Autre point commun avec ce pays nord-américain, « il y a une explosion de la corruption en France, on la voit beaucoup dans les ports », souligne Frédéric Saliba. Dans ses conclusions, la commission d’enquête sénatoriale sur l’impact du trafic de drogue en France s’est également alarmée de « l’émergence, encore embryonnaire mais non moins préoccupante, de la corruption d’agents publics et privés ». « La situation est encore loin du phénomène de corruption observé dans certains pays d’Europe ou d’Amérique du Sud », nuancent les auteurs de ce rapport.

Les limites du « tout répressif »

A l’instar des narcos au Mexique, les trafiquants français n’hésitent plus à commettre des atrocités et à le faire savoir « pour effrayer leurs adversaires ». Comme en octobre dernier à Marseille, où un adolescent de 15 ans avait été poignardé une cinquantaine de fois avant d’être brûlé vif par des membres d’un gang rival de la cité Félix-Pyat. «C’est aussi une manière d’envoyer un message à la population pour la terrifier et maintenir le secret dont les organisations criminelles ont besoin», analyse Frédéric Saliba.

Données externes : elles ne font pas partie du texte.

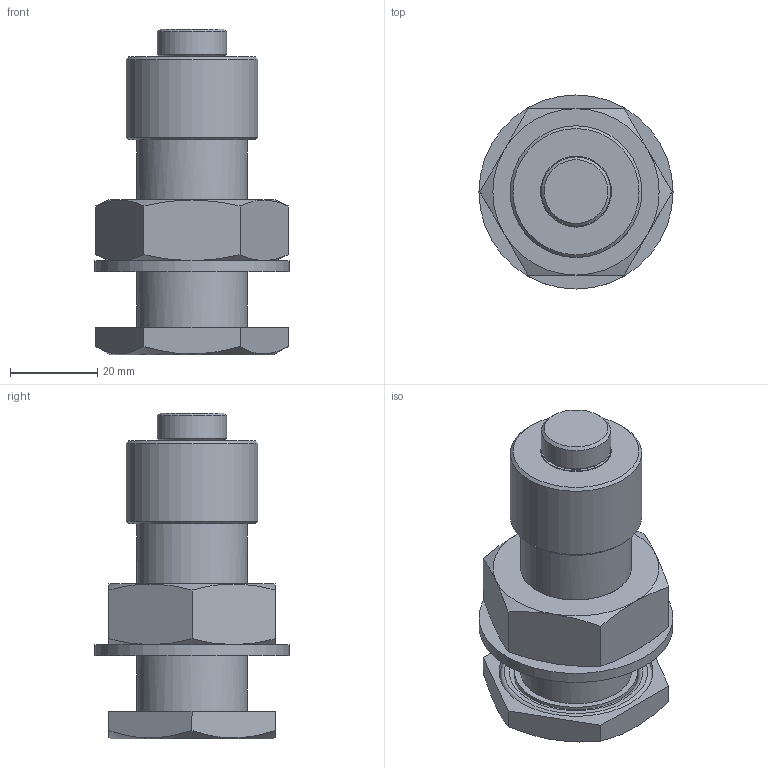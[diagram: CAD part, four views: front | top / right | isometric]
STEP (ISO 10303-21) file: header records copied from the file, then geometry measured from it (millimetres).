
FILE_DESCRIPTION(/* description */ (''),/* implementation_level */ '2;1');
FILE_NAME(/* name */ '2000052a.stp',/* time_stamp */ '2019-07-15T09:57:16-04:00',/* author */ ('Glen_C'),/* organization */ (''),/* preprocessor_version */ 'ST-DEVELOPER v16.13',/* originating_system */ 'Autodesk Inventor 2018',/* authorisation */ '');
FILE_SCHEMA (('AUTOMOTIVE_DESIGN { 1 0 10303 214 3 1 1 }'));
Length unit declared in the file: inch
Products named in the file (1): 2000052_S
Bounding box: 44.45 x 44.45 x 74.63 mm (x, y, z)
Volume: 52703.8 mm3; surface area: 17020.4 mm2
Topology: 1 solids, 1 shells, 88 faces, 183 edges, 112 vertices
Faces by surface type: plane 32, cone 27, cylinder 21, torus 8
Full cylindrical faces by diameter (mm): 9.398 x1, 9.525 x1, 9.906 x2, 12.7 x1, 12.827 x1, 15.875 x2, 16.256 x1, 25.349 x2, 25.4 x2, 28.194 x1, 28.372 x1, 30.15 x1, 34.925 x1, 35.306 x1, 44.45 x1
Entity records: 2888 total; most frequent: CARTESIAN_POINT 1070, DIRECTION 354, ORIENTED_EDGE 286, AXIS2_PLACEMENT_3D 167, EDGE_CURVE 143, EDGE_LOOP 142, VERTEX_POINT 107, STYLED_ITEM 89

Dans une autre affaire, la DZ Mafia, l’une des organisations qui gère les points de deal de la métropole phocéenne, a publié une vidéo dans laquelle elle se disait sans rapport avec le meurtre d’un chauffeur de VTC commis par un garçon de 14 ans. « De nombreux cartels mexicains communiquent ainsi, en revendiquant un crime ou, au contraire, en se disculpant. Tout ce dont ils avaient besoin, c’était d’armes. Au Mexique, les individus disposent parfois de lance-roquettes ou d’autres armes lourdes», constate le journaliste. Il constate également que « les gangs en France – on ne peut pas encore vraiment parler de cartels – pratiquent de plus en plus le kidnapping, ce qui est une pratique très mexicaine ». Il note que « la narcoculture latina s’est répandue notamment avec les séries Netflix comme Narcos dont les criminels s’inspirent.

La France, conclut-il, « n’est pas un narco-Etat (…) Nous ne sommes pas dans la situation du Mexique. Mais si nous ne faisons rien, nous pourrions y être dans quelques années. » Il regrette que la réponse soit souvent policière ou judiciaire, alors qu’elle devrait être « beaucoup plus globale ». Le « totalement répressif » semble, des deux côtés de l’océan, montrer ses limites, avec « des incidences et des conséquences dramatiques ».

*  » Cartels, Voyage au pays des Narcos », de Frédéric Saliba, paru le 4 septembre 2024 aux Editions du Rocher, 416 pages, 19,90 euros.